*** Block opens ***

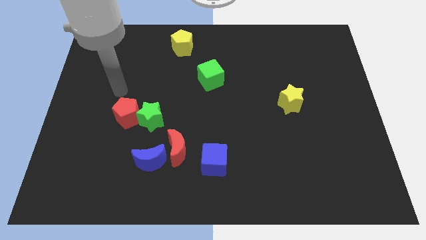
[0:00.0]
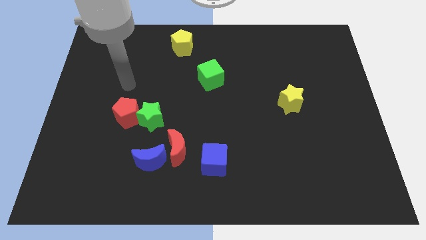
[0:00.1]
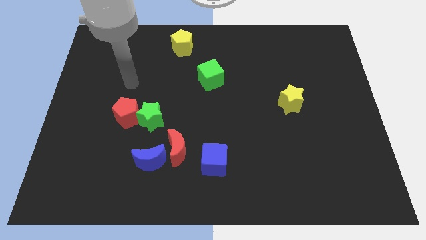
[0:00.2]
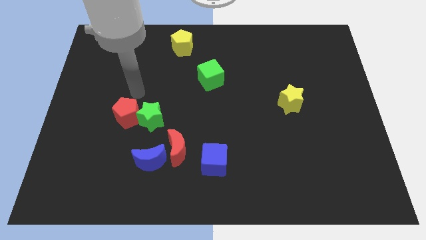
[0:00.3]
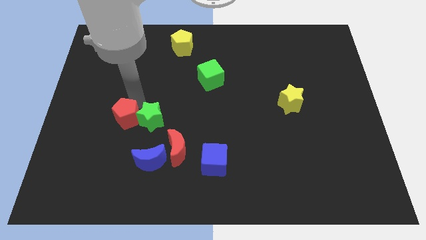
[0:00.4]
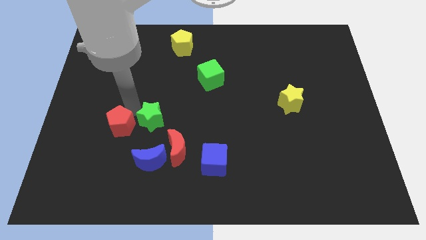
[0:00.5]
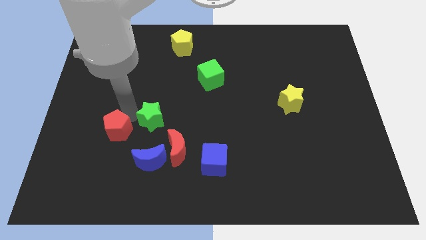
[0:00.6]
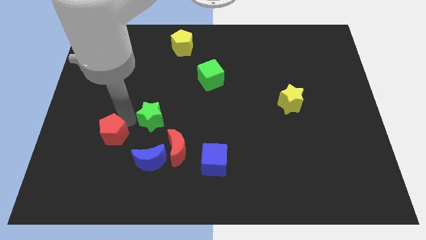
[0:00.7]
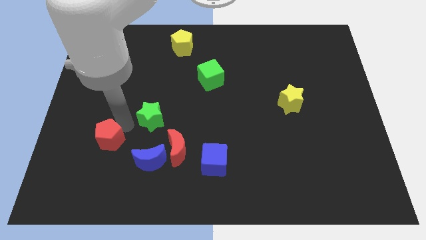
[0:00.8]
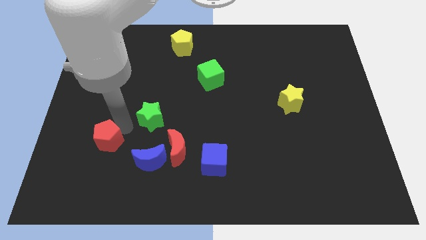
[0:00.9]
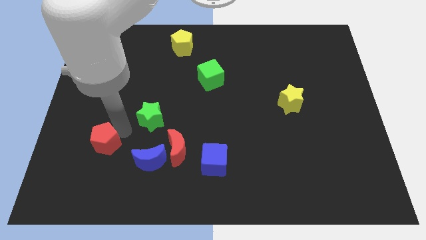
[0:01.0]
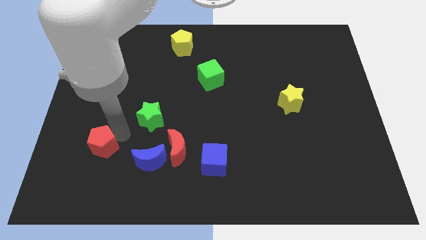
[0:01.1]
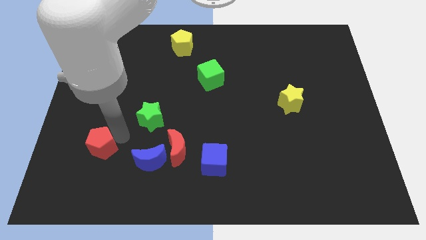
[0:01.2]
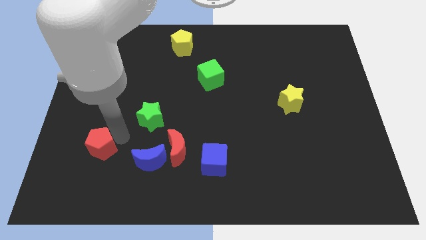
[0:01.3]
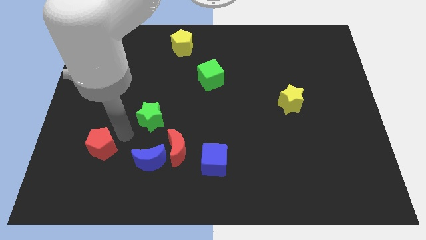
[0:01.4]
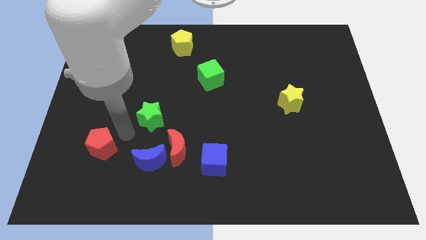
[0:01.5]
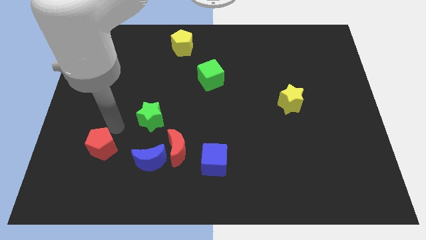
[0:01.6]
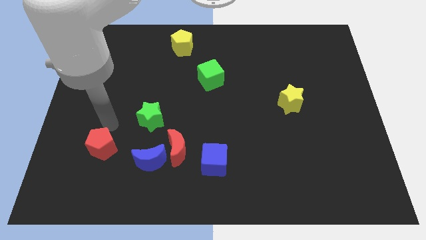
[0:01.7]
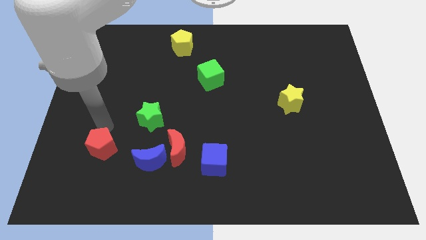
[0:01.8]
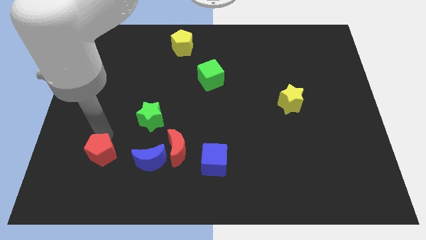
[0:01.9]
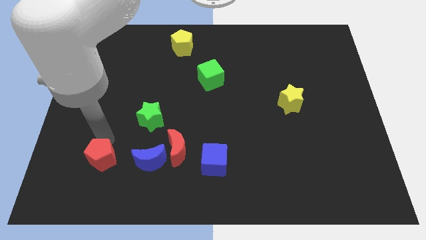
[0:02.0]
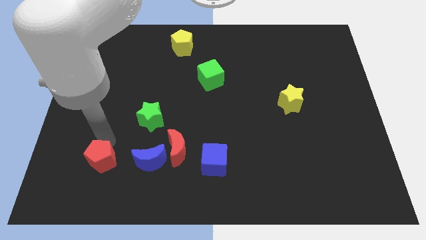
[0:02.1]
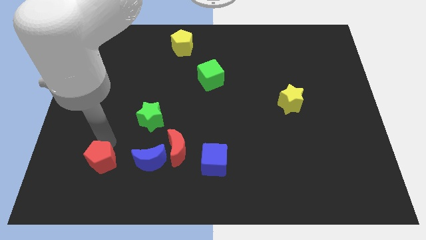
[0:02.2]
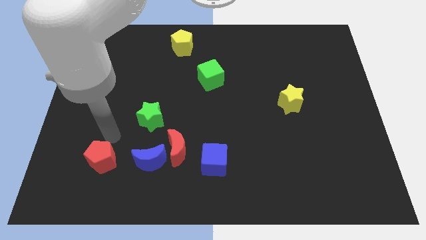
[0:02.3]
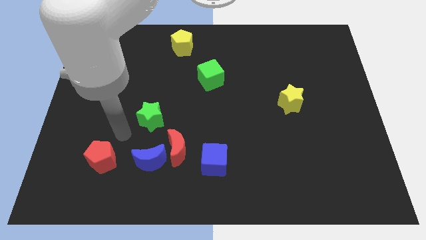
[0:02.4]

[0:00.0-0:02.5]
push red pentagon beside blue crescent

*** Block closes ***

* _WHAT YOU HAVE TO DO_
In transcribing the material above, reproduce each line exactly and include none of the pictures.

* _RESPONSE_
[0:00.0]
[0:00.1]
[0:00.2]
[0:00.3]
[0:00.4]
[0:00.5]
[0:00.6]
[0:00.7]
[0:00.8]
[0:00.9]
[0:01.0]
[0:01.1]
[0:01.2]
[0:01.3]
[0:01.4]
[0:01.5]
[0:01.6]
[0:01.7]
[0:01.8]
[0:01.9]
[0:02.0]
[0:02.1]
[0:02.2]
[0:02.3]
[0:02.4]

[0:00.0-0:02.5]
push red pentagon beside blue crescent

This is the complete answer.